Second, I should like to explore different algorithms for approximating the posterior/fitting my model. So far in training my LDA model I have only used “online variational Bayes”, the method built into gensim. I should like to instead try repeating my analysis with other methods, such as Gibbs sampling. There is a wrapper in Python that should allow me to use Gibbs sampling with Gensim; however, it might instead be easier to use the LDA method in graphlab.

Analysis and Findings

I conduct my final analysis in R because it has a package for fitting Dirichlet regression models (although in light of my findings, I haven’t actually ended up using this package).

Phases of school

I begin by linking the results of my LDA analysis to data from the original Edubase dataset. I then take a look at the distribution of observations across different phases of school.

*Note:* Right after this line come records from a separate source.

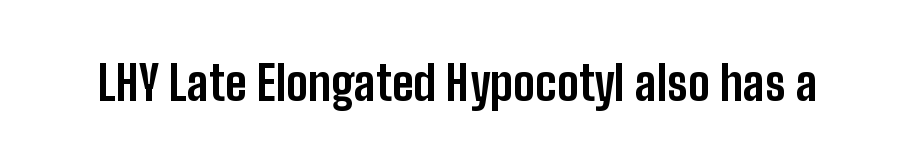
Q: Is the text bold? A: Yes.
Q: Is the text italic (slanted)? A: No, it is upright.
Q: Is the typeface a serif or a sans-serif typeface? A: Sans-serif.
Q: Is the text underlined? A: No.
Q: Is the spacing between letters normal or unusually wide? A: Normal.
Q: Width (condensed, normal, or wide)? A: Condensed.
Q: Stroke contrast? A: Low.
Q: x-height? A: Medium.
Q: Monospaced? A: No.
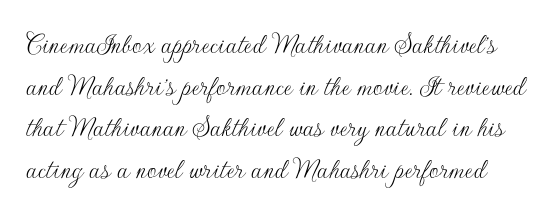
The typesetting does not lean heavy: it is not bold. The tracking reads as untouched default to a designer's eye. Looks like regular typesetting: each glyph gets only the width it needs. Nothing sits at the stroke ends, so this counts as sans-serif.
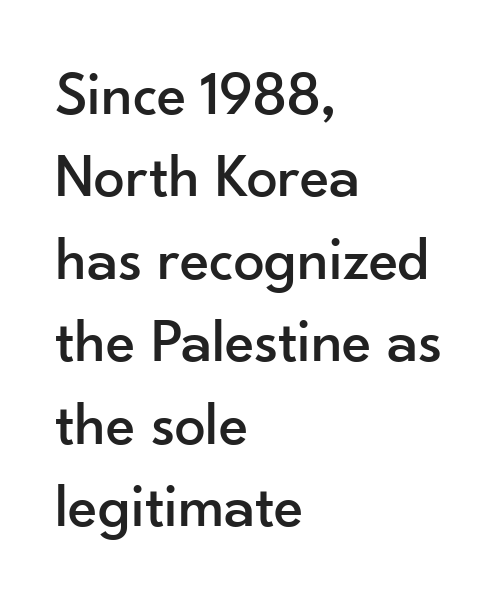
{"serif": "no", "italic": "no", "width": "normal", "stroke_contrast": "low", "x_height": "small", "monospaced": "no", "underline": "no", "align": "left", "line_spacing": "normal", "line_spacing_ratio": 1.33, "letter_spacing": "normal", "letter_spacing_em": 0.0, "glyph_px": 62}
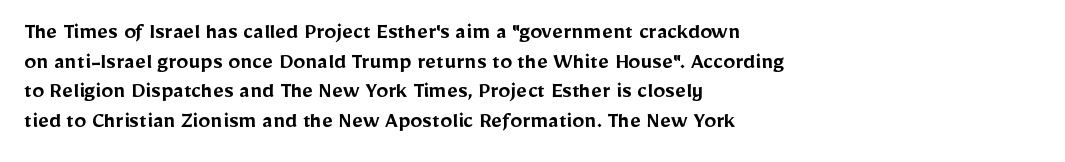
A bare baseline throughout the passage. Compared with a centered layout, this one pins lines to the left instead. This is moderately heavy type, rendered in semibold. The letters sit at their default tracking, neither squeezed nor spread. This sample uses an upright cut, with every glyph sitting square on the baseline.
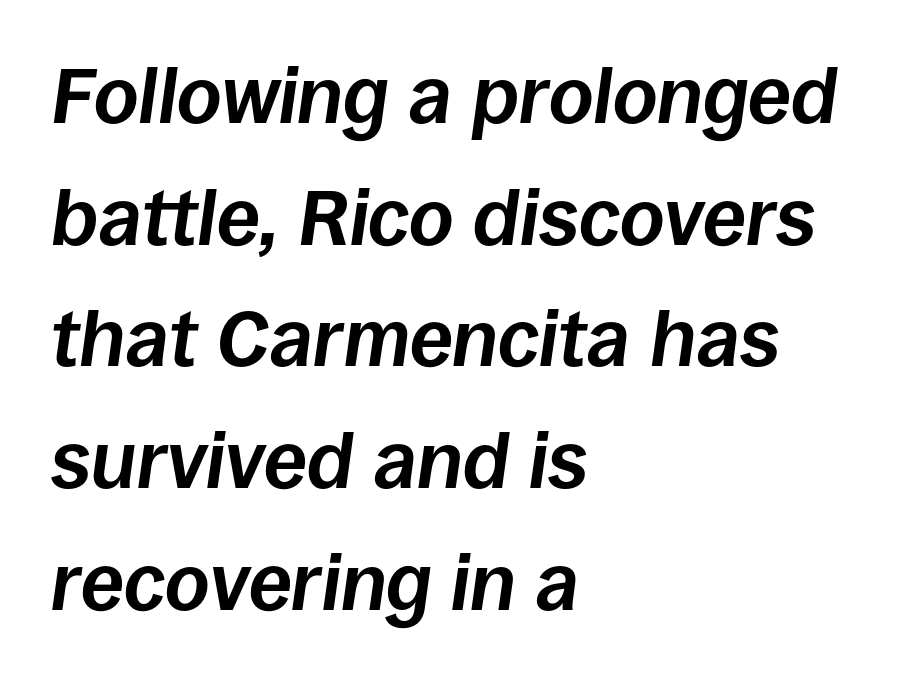
{"italic": "yes", "lean": "right", "slant_degrees": 8, "bold": "yes", "weight": "bold", "width": "normal", "stroke_contrast": "low", "x_height": "large", "monospaced": "no", "underline": "no", "align": "left", "line_spacing": "normal", "line_spacing_ratio": 1.56, "letter_spacing": "normal", "letter_spacing_em": 0.0, "glyph_px": 78}
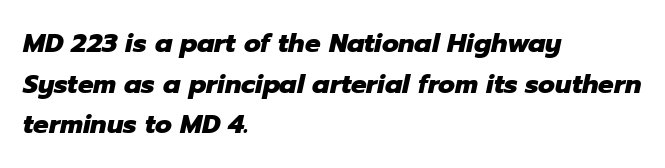
{"italic": "yes", "lean": "right", "slant_degrees": 12, "bold": "yes", "underline": "no", "align": "left", "line_spacing": "normal", "line_spacing_ratio": 1.56, "letter_spacing": "normal", "letter_spacing_em": 0.0, "glyph_px": 26}
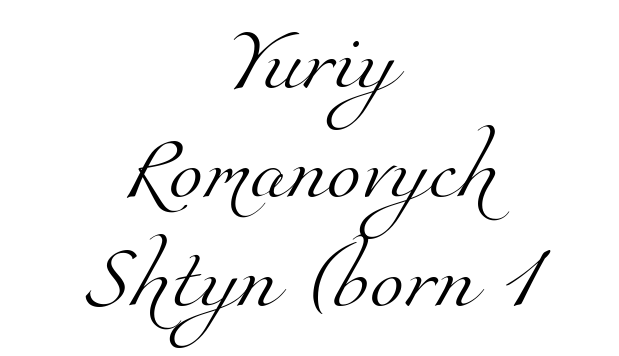
{"serif": "yes", "bold": "no", "weight": "light", "width": "normal", "stroke_contrast": "medium", "x_height": "small", "monospaced": "no", "underline": "no", "align": "center", "line_spacing_ratio": 1.76, "letter_spacing": "normal", "letter_spacing_em": 0.0, "glyph_px": 62}
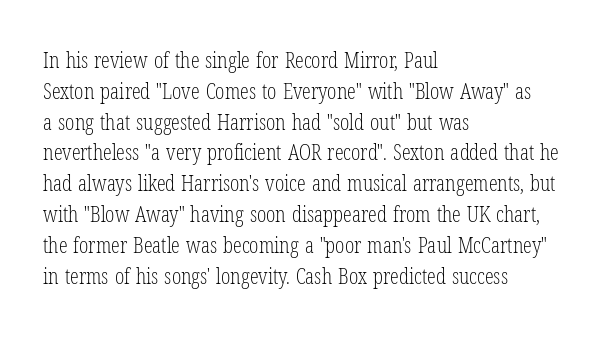
The image shows 22 px text type, upright; set left-aligned, normal line spacing (1.4x), normal letter spacing, not underlined.
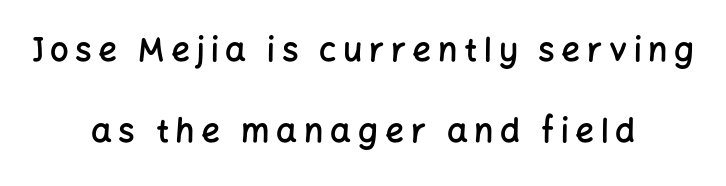
Anything drawn beneath the words? Only blank space. Each line is balanced around a shared central axis. The lettering stays uniformly vertical, giving the passage a roman look. The type is letterspaced generously, with wide tracking. This sample uses a sans-serif face.
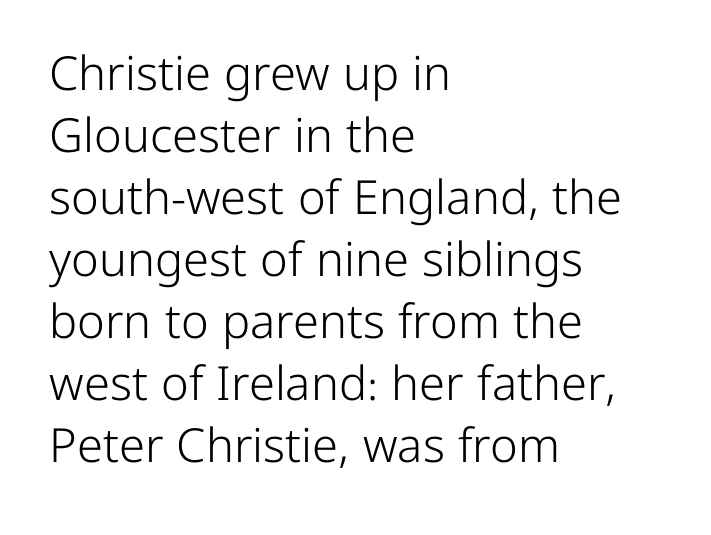
{"serif": "no", "italic": "no", "bold": "no", "weight": "light", "width": "normal", "stroke_contrast": "low", "x_height": "medium", "monospaced": "no", "underline": "no", "align": "left", "line_spacing": "normal", "line_spacing_ratio": 1.32, "letter_spacing": "normal", "letter_spacing_em": 0.0, "glyph_px": 47}
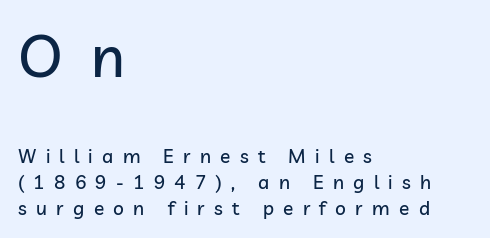
The image shows 58 px sans-serif type, upright; set left-aligned, normal line spacing (1.36x), unusually wide letter spacing (+0.49 em), not underlined; the first (top) block is 3.05x larger; low stroke contrast and a medium x-height.
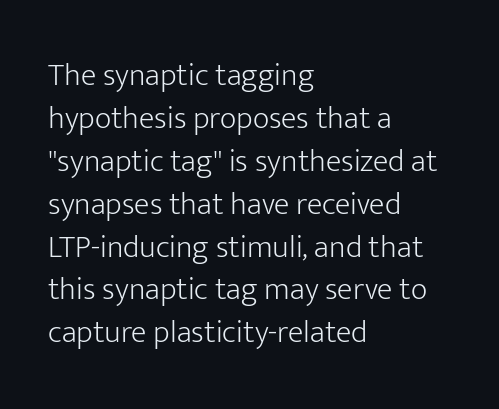
{"serif": "no", "italic": "no", "bold": "no", "weight": "light", "width": "normal", "stroke_contrast": "low", "x_height": "medium", "monospaced": "no", "underline": "no", "align": "left", "line_spacing": "normal", "line_spacing_ratio": 1.34, "letter_spacing": "normal", "letter_spacing_em": 0.0, "glyph_px": 32}
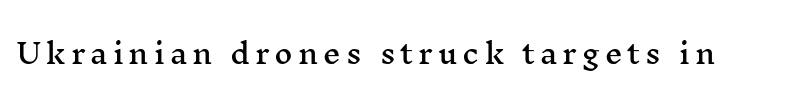
Style check: upright. Rule under the text: the space is simply empty. Here the designer chose a conventional face with non-uniform glyph widths. Serif or sans? Serif — the stroke terminals have little feet.

Not surprisingly, the vast majority of observations are primary schools (to use American terminology, elementary schools). In the analysis below, therefore, I report the results for primary schools only. However, I conducted the same analyses for secondary schools and the results are substantively similar.

School types

I examine whether the mean proportion in each topic varies across school types. I find no evidence that this is the case.


Test scores

I examine whether there is a relationship between an elementary school’s performance in Key Stage 2 math exams (exams that students sit at the end of primary school) and topic proportions in the schools clubs. We might expect, for example, that schools with greater academic success would see a higher topic proportion for the corresponding topic. However, we see no evidence that this is the case.


Ofsted inspections

In addition to school test score being publicly reported, schools in England are subject to inspections by Ofsted. I explore whether there is a relationship between the grade a school was last assigned by Ofsted, and the topics discussed on their website.


It appears that schools getting the lowest grade mention inspections more. However, I do not read much into this result as closer examination reveals that very few schools fit into this category.



These results indicate that the topics discussed on school websites do not vary with the underlying performance of schools.

There are numerous possible explanations for these findings. It could be, of course, that the findings are erroneous. Possibly a different approach to clustering websites would yield different results. Likewise, perhaps the results would change if I were able to increase my sample size.

These findings, if we accept them, are also consistent with information unravelling. Even schools that perform poorly academically still mention academics, for example, because it will look bad if they do not.

But particular contextual factors, rather than information unravelling, may also explain these findings. For example, test score results and Ofsted inspection grades are so widely available that schools may have little incentive to bury them.

The key takeaway for now, however, is that parents can broadly take school websites at face value. If a school fails to mention its test results, parents should not take this as an indication that its test results are likely to be bad. School websites may well, therefore, be a useful tool for parents searching for schools.